Methods: Databases, including Pubmed, EMBASE, and The Cochrane Library, were searched to identify studies comparing ESD with EMR for premalignant and malignant lesions of the gastrointestinal tract. In a meta-analysis, primary end points were the en bloc resection rate and the curative resection rate; secondary end points were operation time, and rates of bleeding, perforation, and local recurrence.
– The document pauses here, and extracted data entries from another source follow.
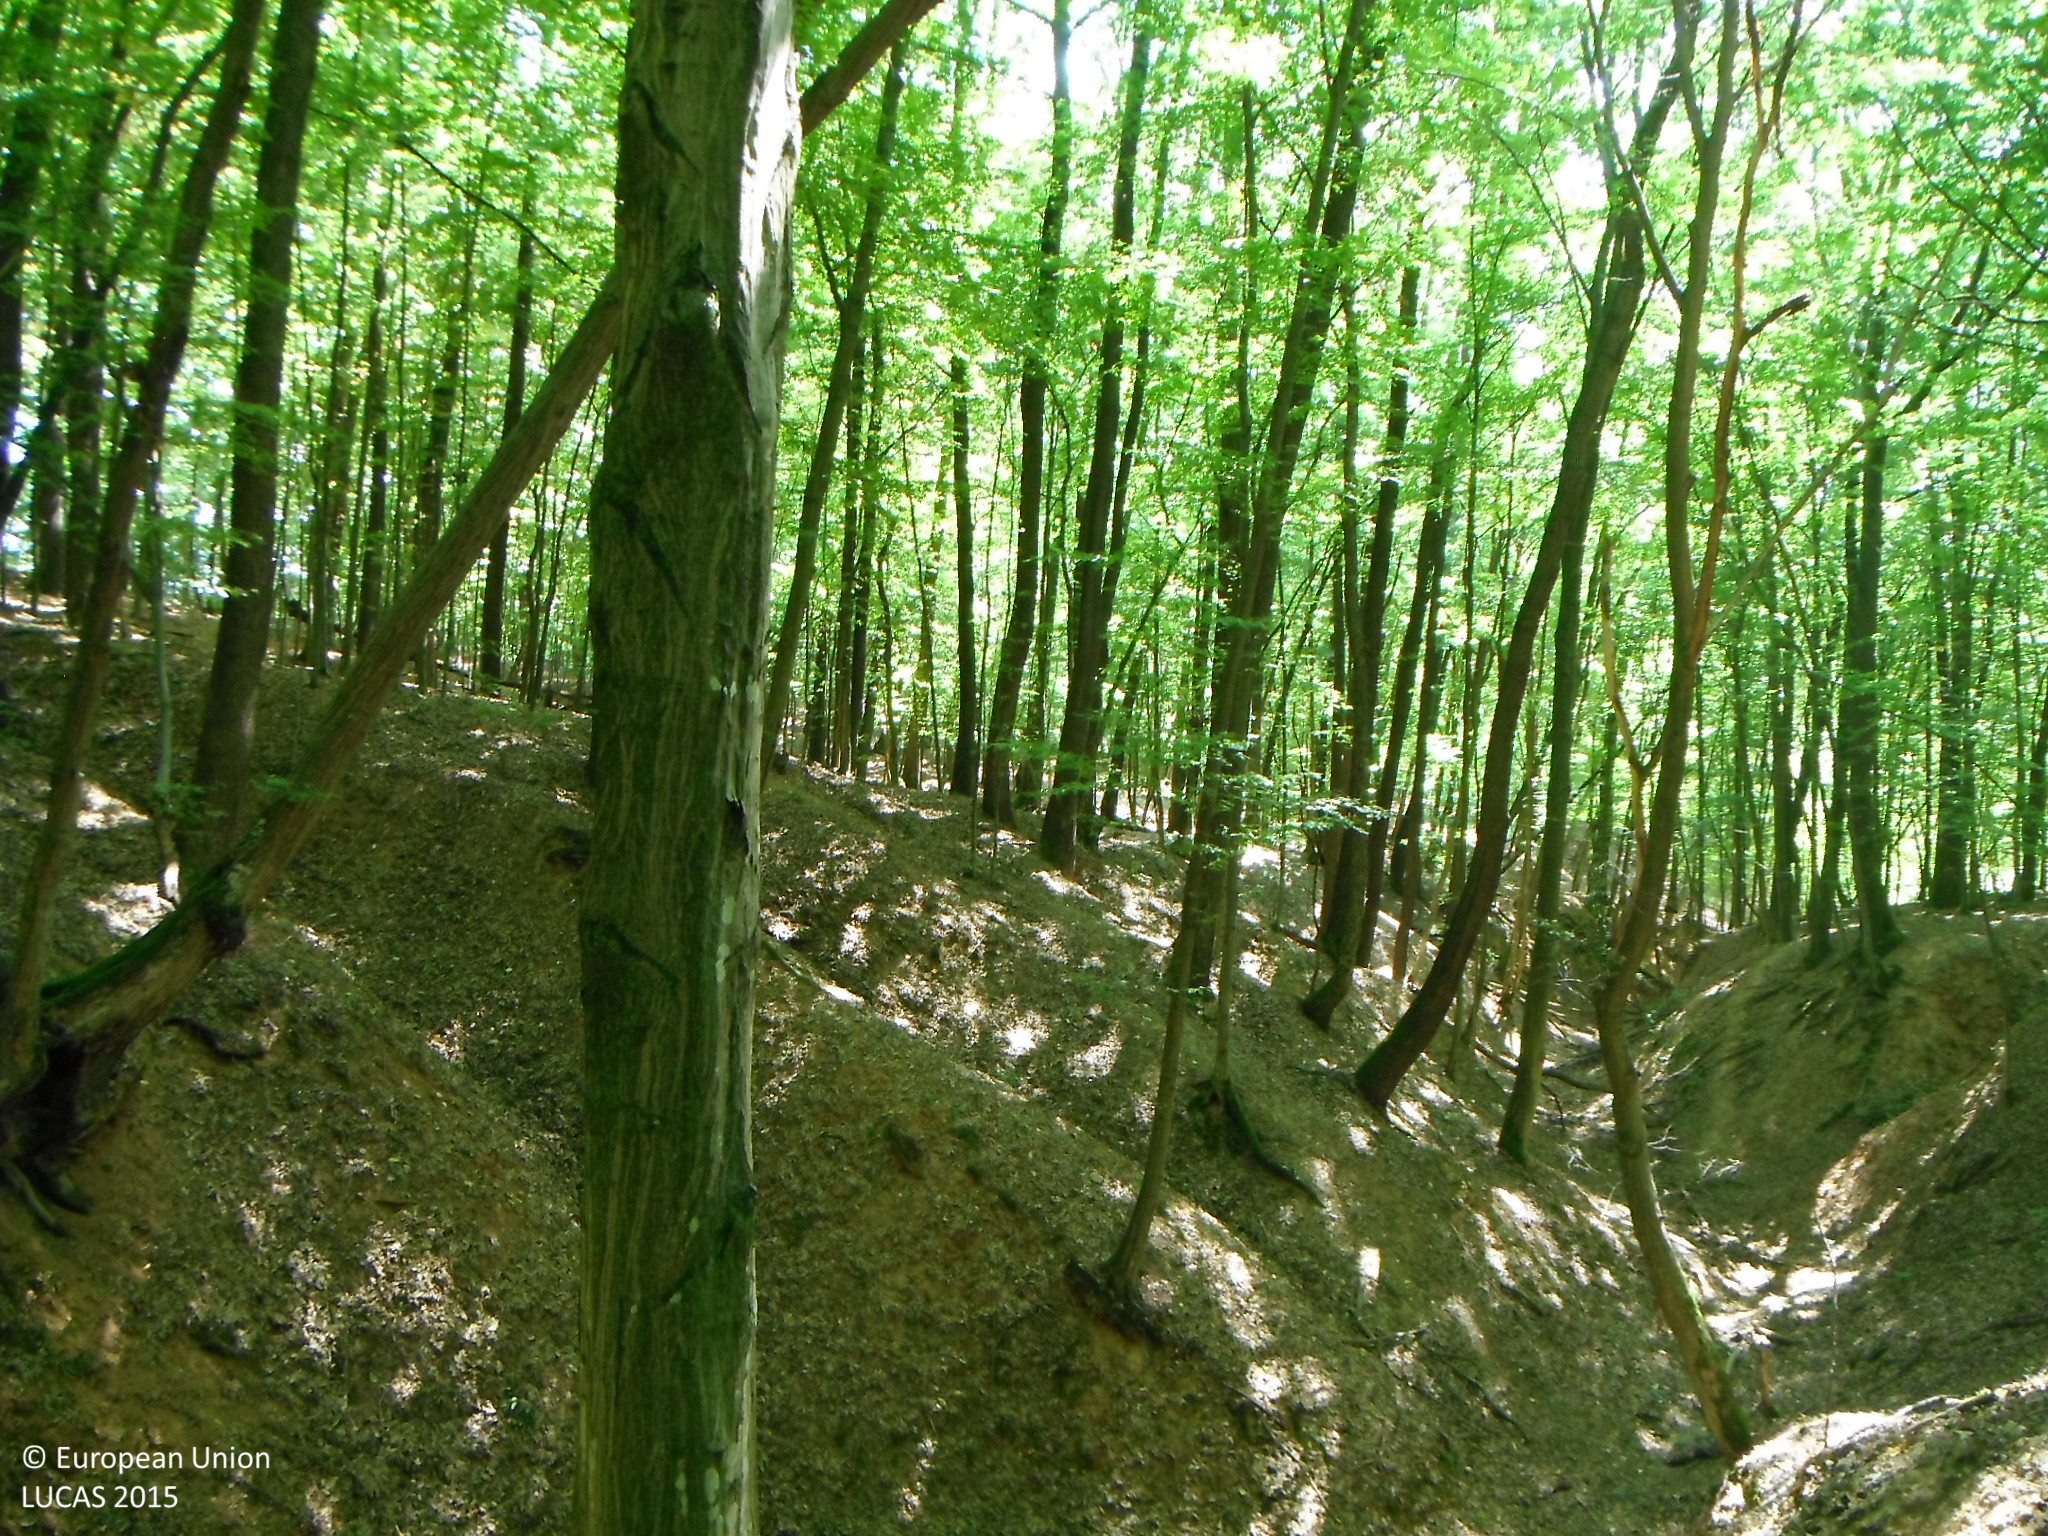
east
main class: Woodland
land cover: Broadleaved woodland
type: mesophytic deciduous forest
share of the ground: > 75 %
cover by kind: broadleaved forest trees 100 %
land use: Forestry
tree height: > 5 m
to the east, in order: Broadleaved woodland
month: July
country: SK
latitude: 48.2484
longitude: 19.0569

Results: 15 nonrandomized studies (seven full-text and eight abstracts) were identified. Meta-analysis showed higher en bloc and curative resection rates (odds ratio [OR] 13.87, 95 %CI 10.12 - 18.99; OR 3.53, 95 %CI 2.57 - 4.84) irrespective of lesion size. Subgroup analysis showed higher en bloc and curative resection rates with ESD for esophageal, gastric, and colorectal neoplasms, and for lesions of size < 10 mm, 10 mm < 20 mm, and > 20 mm. Local recurrence was lower with ESD (OR 0.09, 95 %CI 0.04 - 0.18). But ESD was more time-consuming than EMR (weighted mean difference [WMD] 1.76; 95 %CI 0.60 - 2.92), and showed high procedure-related bleeding and perforation rates (OR 2.20, 95 %CI 1.58 - 3.07; OR 4.09, 95 %CI 2.47 - 6.80).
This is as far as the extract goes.